* Work order
Task for the records below: please retype exactly and only the lines from the first through the one with "#805 = CONICAL_SURFACE", with every picture omitted.

Records from a collection:
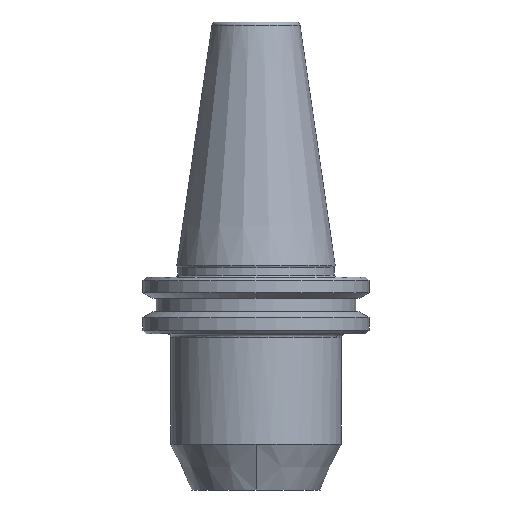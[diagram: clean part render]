
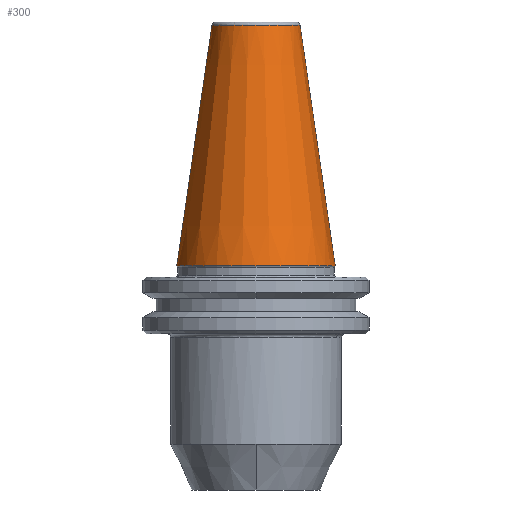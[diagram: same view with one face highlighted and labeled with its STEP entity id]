
A CAD part, front view. The second image highlights one B-rep face of the part: STEP entity #300.
In plain terms, the highlighted conical face has half-angle 8.297 degrees and reference radius 22.225 mm.
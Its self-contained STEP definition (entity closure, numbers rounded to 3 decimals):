
#6 = CARTESIAN_POINT ( 'NONE',  ( 22.225, 0., 0. ) ) ;
#12 = VERTEX_POINT ( 'NONE', #1183 ) ;
#39 = CARTESIAN_POINT ( 'NONE',  ( -22.225, 0., 0. ) ) ;
#51 = ORIENTED_EDGE ( 'NONE', *, *, #715, .F. ) ;
#78 = FACE_OUTER_BOUND ( 'NONE', #559, .T. ) ;
#81 = AXIS2_PLACEMENT_3D ( 'NONE', #772, #578, #1112 ) ;
#107 = DIRECTION ( 'NONE',  ( -1., 0., 0. ) ) ;
#160 = CARTESIAN_POINT ( 'NONE',  ( 12.375, 0., 67.544 ) ) ;
#190 = CARTESIAN_POINT ( 'NONE',  ( -22.225, 0., 0. ) ) ;
#204 = ORIENTED_EDGE ( 'NONE', *, *, #1243, .T. ) ;
#230 = CARTESIAN_POINT ( 'NONE',  ( -12.375, 0., 67.544 ) ) ;
#294 = VECTOR ( 'NONE', #991, 1000. ) ;
#300 = ADVANCED_FACE ( 'NONE', ( #78 ), #805, .T. ) ;
#330 = VERTEX_POINT ( 'NONE', #230 ) ;
#387 = AXIS2_PLACEMENT_3D ( 'NONE', #708, #918, #107 ) ;
#485 = CIRCLE ( 'NONE', #1526, 12.375 ) ;
#493 = VERTEX_POINT ( 'NONE', #160 ) ;
#559 = EDGE_LOOP ( 'NONE', ( #51, #204, #815, #1002 ) ) ;
#578 = DIRECTION ( 'NONE',  ( 0., 0., -1. ) ) ;
#584 = LINE ( 'NONE', #6, #1199 ) ;
#676 = EDGE_CURVE ( 'NONE', #1398, #12, #889, .T. ) ;
#708 = CARTESIAN_POINT ( 'NONE',  ( 0., 0., 0. ) ) ;
#715 = EDGE_CURVE ( 'NONE', #493, #12, #584, .T. ) ;
#772 = CARTESIAN_POINT ( 'NONE',  ( 0., 0., 0. ) ) ;
#805 = CONICAL_SURFACE ( 'NONE', #81, 22.225, 0.145 ) ;
#815 = ORIENTED_EDGE ( 'NONE', *, *, #1374, .T. ) ;
#842 = DIRECTION ( 'NONE',  ( 0.144, 0., -0.99 ) ) ;
#889 = CIRCLE ( 'NONE', #387, 22.225 ) ;
#893 = DIRECTION ( 'NONE',  ( 0., 0., -1. ) ) ;
#918 = DIRECTION ( 'NONE',  ( 0., 0., 1. ) ) ;
#956 = CARTESIAN_POINT ( 'NONE',  ( 0., 0., 67.544 ) ) ;
#991 = DIRECTION ( 'NONE',  ( -0.144, 0., -0.99 ) ) ;
#1002 = ORIENTED_EDGE ( 'NONE', *, *, #676, .T. ) ;
#1112 = DIRECTION ( 'NONE',  ( -1., 0., 0. ) ) ;
#1183 = CARTESIAN_POINT ( 'NONE',  ( 22.225, 0., 0. ) ) ;
#1199 = VECTOR ( 'NONE', #842, 1000. ) ;
#1239 = DIRECTION ( 'NONE',  ( -1., 0., 0. ) ) ;
#1243 = EDGE_CURVE ( 'NONE', #493, #330, #485, .T. ) ;
#1374 = EDGE_CURVE ( 'NONE', #330, #1398, #1579, .T. ) ;
#1398 = VERTEX_POINT ( 'NONE', #190 ) ;
#1526 = AXIS2_PLACEMENT_3D ( 'NONE', #956, #893, #1239 ) ;
#1579 = LINE ( 'NONE', #39, #294 ) ;
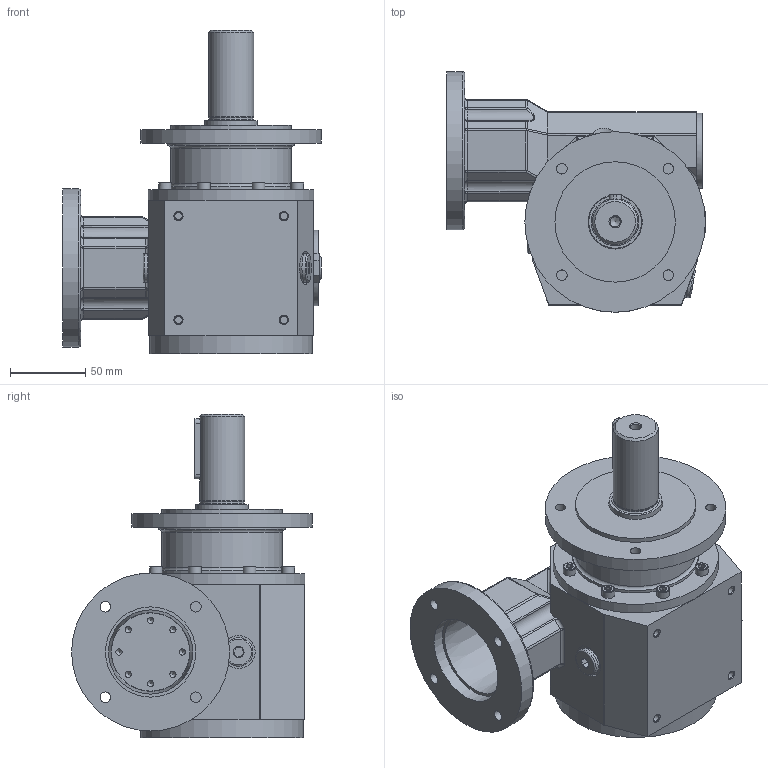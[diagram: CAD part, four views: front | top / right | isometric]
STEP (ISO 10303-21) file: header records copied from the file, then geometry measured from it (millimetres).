
FILE_DESCRIPTION( ( 'Unknown' ), '1' );
FILE_NAME( '2-1KG.stp', 'Unknown', ( 'Unknown' ), ( 'Unknown' ), 'PSStep 13.0', 'Unknown', ' ' );
FILE_SCHEMA( ( 'AUTOMOTIVE_DESIGN { 1 0 10303 214 1 1 1 1 }' ) );
Length unit declared in the file: millimetre
Products named in the file (1): Gehaeuse
Bounding box: 172 x 160 x 215 mm (x, y, z)
Volume: 1657064.2 mm3; surface area: 171865.5 mm2
Topology: 1 solids, 25 shells, 754 faces, 1739 edges, 1093 vertices
Faces by surface type: plane 403, cylinder 180, cone 70, bspline 64, torus 37
Full cylindrical faces by diameter (mm): 4 x8, 4.5 x8, 5 x28, 5.5 x16, 6.8 x1, 7 x8, 8 x8, 8.5 x16, 10 x9, 11 x1, 17 x3, 19 x3, 22 x5, 29.6 x1, 30 x1, 34.6 x1, 35 x1, 36 x1, 40 x1, 50 x2, 52 x1, 60 x1, 62 x1, 67 x1, 80 x2, 84 x2, 105 x1, 108 x1, 110 x1, 120 x1
Entity records: 45507 total; most frequent: CARTESIAN_POINT 24611, DIRECTION 2804, ORIENTED_EDGE 2788, EDGE_CURVE 1394, EDGE_LOOP 1139, AXIS2_PLACEMENT_3D 1122, VERTEX_POINT 1016, FACE_OUTER_BOUND 921

* Solution for this exercise
[diagram: clean part render]
[diagram: same view with one face highlighted and labeled with its STEP entity id]
A CAD part, front view. The second image highlights one B-rep face of the part: STEP entity #300.
In plain terms, the highlighted conical face has half-angle 8.297 degrees and reference radius 22.225 mm.
Its self-contained STEP definition (entity closure, numbers rounded to 3 decimals):
#6 = CARTESIAN_POINT ( 'NONE',  ( 22.225, 0., 0. ) ) ;
#12 = VERTEX_POINT ( 'NONE', #1183 ) ;
#39 = CARTESIAN_POINT ( 'NONE',  ( -22.225, 0., 0. ) ) ;
#51 = ORIENTED_EDGE ( 'NONE', *, *, #715, .F. ) ;
#78 = FACE_OUTER_BOUND ( 'NONE', #559, .T. ) ;
#81 = AXIS2_PLACEMENT_3D ( 'NONE', #772, #578, #1112 ) ;
#107 = DIRECTION ( 'NONE',  ( -1., 0., 0. ) ) ;
#160 = CARTESIAN_POINT ( 'NONE',  ( 12.375, 0., 67.544 ) ) ;
#190 = CARTESIAN_POINT ( 'NONE',  ( -22.225, 0., 0. ) ) ;
#204 = ORIENTED_EDGE ( 'NONE', *, *, #1243, .T. ) ;
#230 = CARTESIAN_POINT ( 'NONE',  ( -12.375, 0., 67.544 ) ) ;
#294 = VECTOR ( 'NONE', #991, 1000. ) ;
#300 = ADVANCED_FACE ( 'NONE', ( #78 ), #805, .T. ) ;
#330 = VERTEX_POINT ( 'NONE', #230 ) ;
#387 = AXIS2_PLACEMENT_3D ( 'NONE', #708, #918, #107 ) ;
#485 = CIRCLE ( 'NONE', #1526, 12.375 ) ;
#493 = VERTEX_POINT ( 'NONE', #160 ) ;
#559 = EDGE_LOOP ( 'NONE', ( #51, #204, #815, #1002 ) ) ;
#578 = DIRECTION ( 'NONE',  ( 0., 0., -1. ) ) ;
#584 = LINE ( 'NONE', #6, #1199 ) ;
#676 = EDGE_CURVE ( 'NONE', #1398, #12, #889, .T. ) ;
#708 = CARTESIAN_POINT ( 'NONE',  ( 0., 0., 0. ) ) ;
#715 = EDGE_CURVE ( 'NONE', #493, #12, #584, .T. ) ;
#772 = CARTESIAN_POINT ( 'NONE',  ( 0., 0., 0. ) ) ;
#805 = CONICAL_SURFACE ( 'NONE', #81, 22.225, 0.145 ) ;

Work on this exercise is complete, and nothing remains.